BEGIN Supplied information

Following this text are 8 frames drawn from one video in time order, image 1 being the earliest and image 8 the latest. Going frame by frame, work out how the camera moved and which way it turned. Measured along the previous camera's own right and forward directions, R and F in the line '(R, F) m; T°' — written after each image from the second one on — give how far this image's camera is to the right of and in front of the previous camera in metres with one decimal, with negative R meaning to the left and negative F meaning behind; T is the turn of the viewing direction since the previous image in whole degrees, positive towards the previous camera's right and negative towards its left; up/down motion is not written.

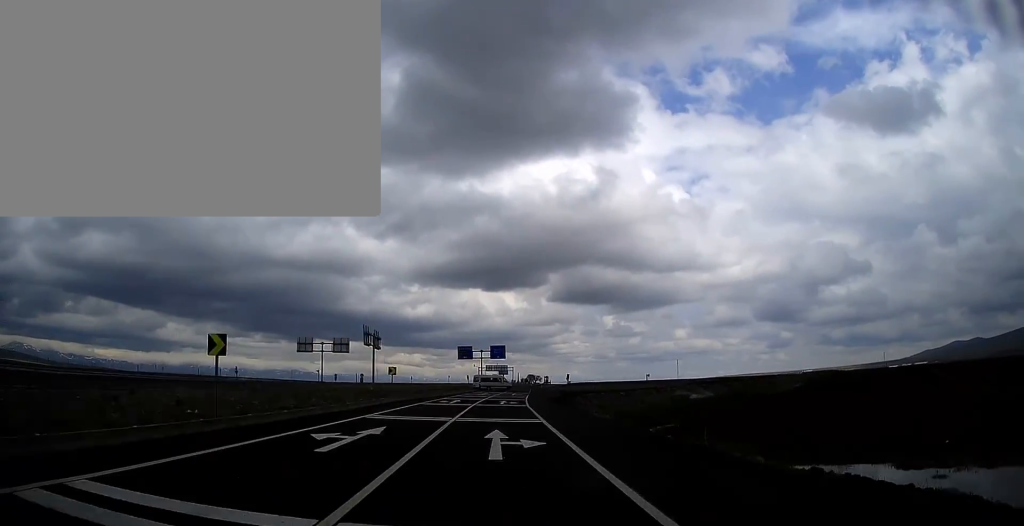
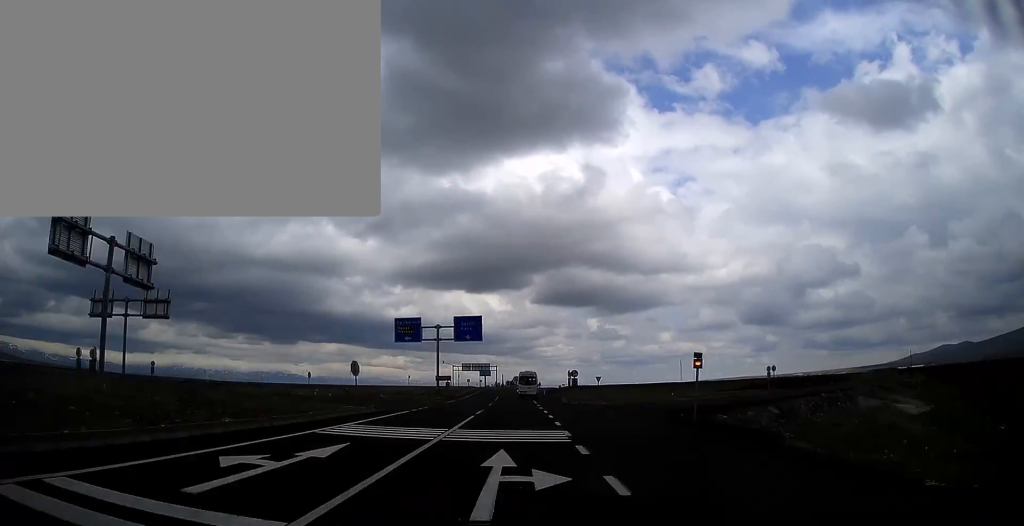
(+0.2, +63.5) m; +1°
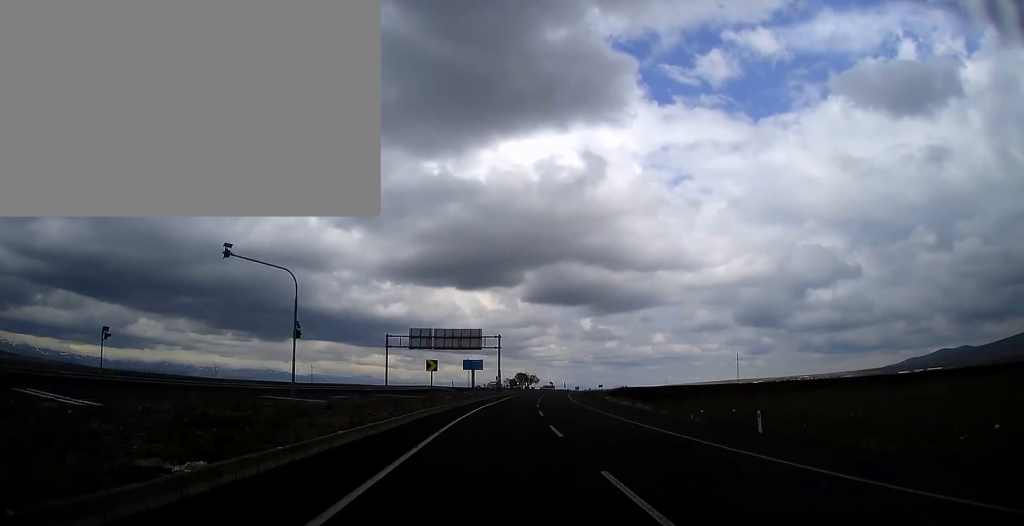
(+4.0, +143.2) m; +5°
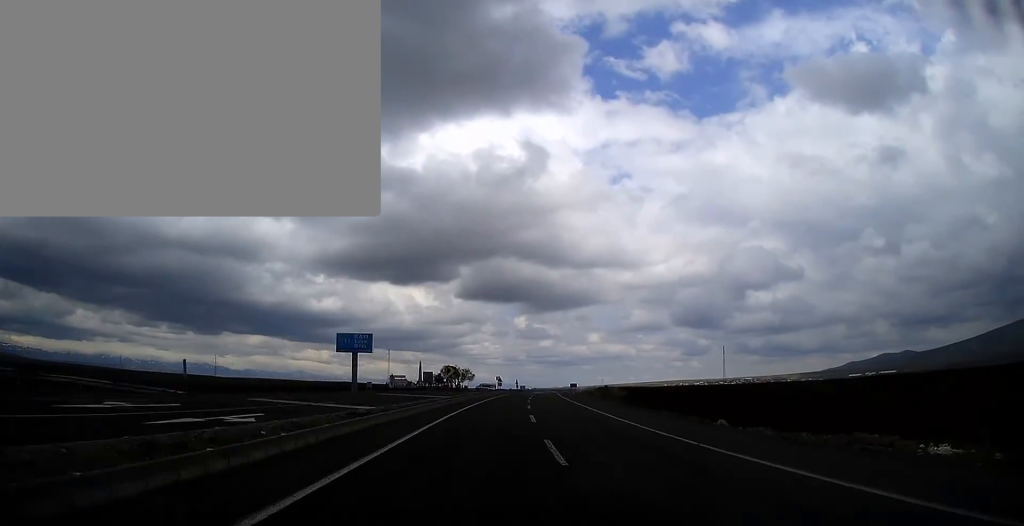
(+2.1, +86.5) m; +4°
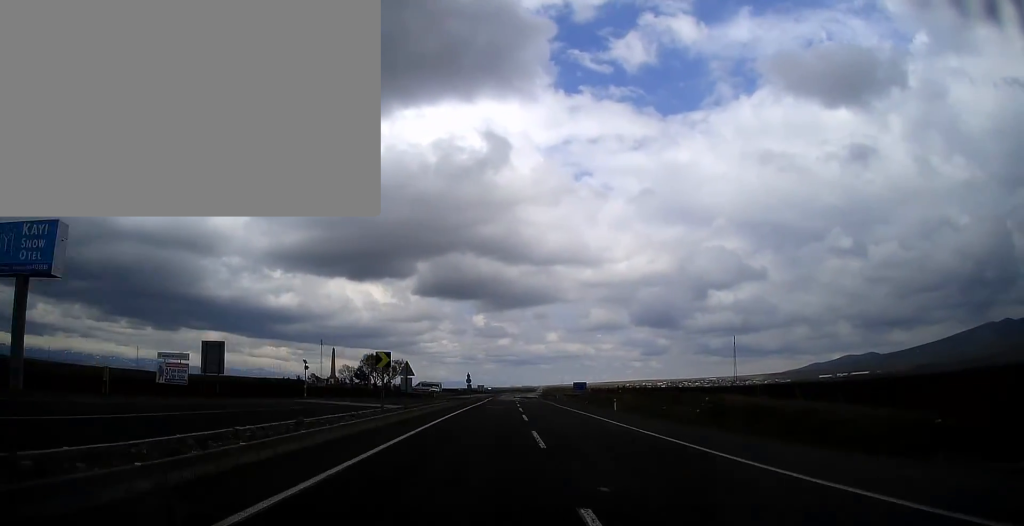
(+3.5, +76.5) m; +3°
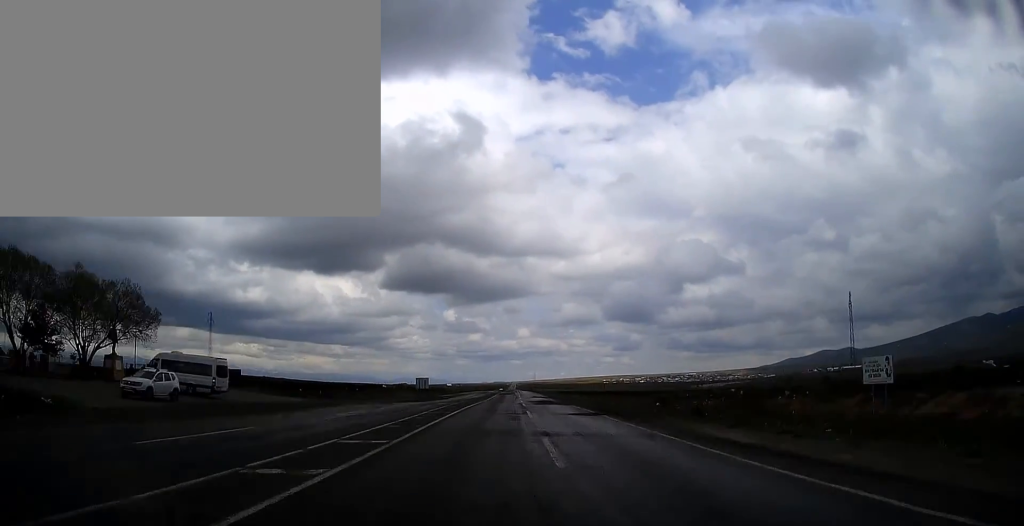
(+3.2, +84.2) m; +4°
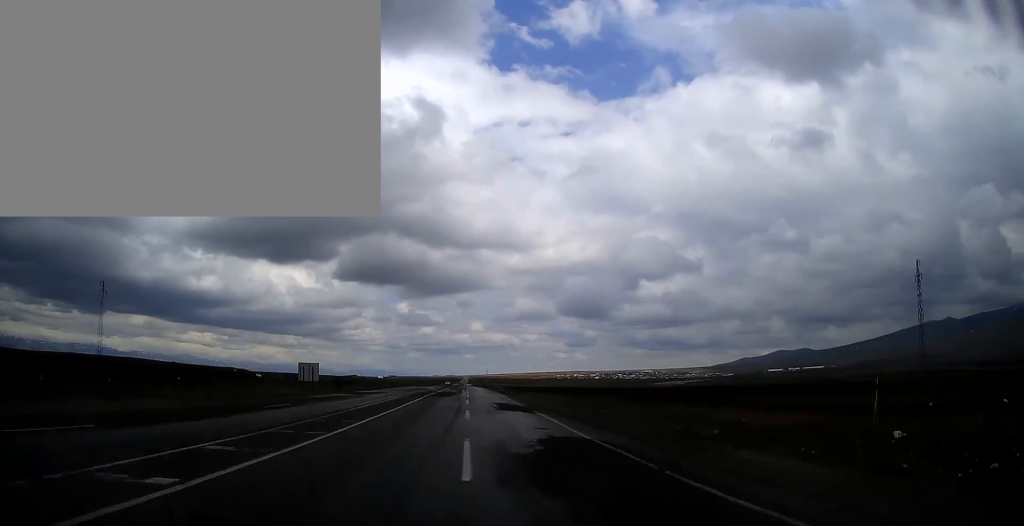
(+0.5, +30.5) m; +1°
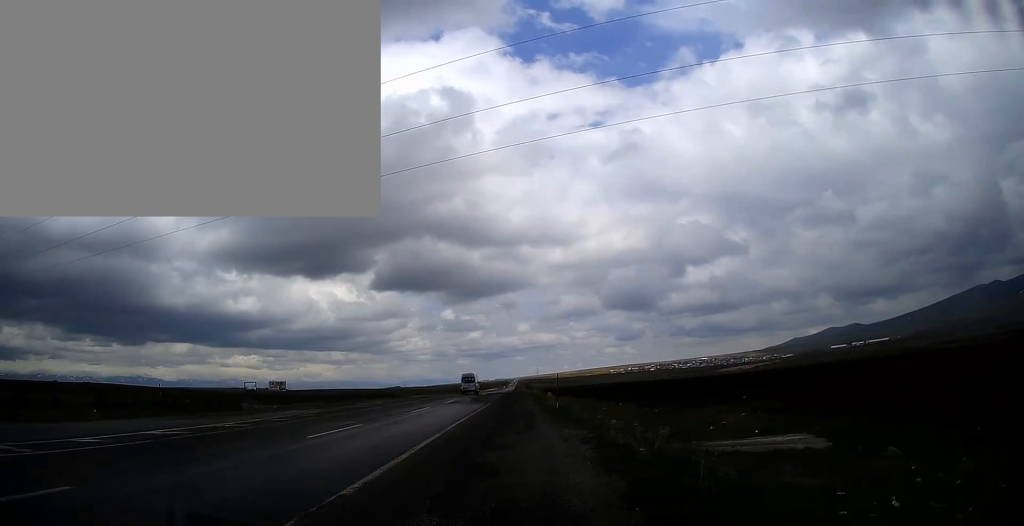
(+1.4, +75.0) m; -2°

END Supplied information

> Your objective
What you return must match the material above exactly, apart from its pictures.

> Result for this task
Following this text are 8 frames drawn from one video in time order, image 1 being the earliest and image 8 the latest. Going frame by frame, work out how the camera moved and which way it turned. Measured along the previous camera's own right and forward directions, R and F in the line '(R, F) m; T°' — written after each image from the second one on — give how far this image's camera is to the right of and in front of the previous camera in metres with one decimal, with negative R meaning to the left and negative F meaning behind; T is the turn of the viewing direction since the previous image in whole degrees, positive towards the previous camera's right and negative towards its left; up/down motion is not written.

(+0.2, +63.5) m; +1°
(+4.0, +143.2) m; +5°
(+2.1, +86.5) m; +4°
(+3.5, +76.5) m; +3°
(+3.2, +84.2) m; +4°
(+0.5, +30.5) m; +1°
(+1.4, +75.0) m; -2°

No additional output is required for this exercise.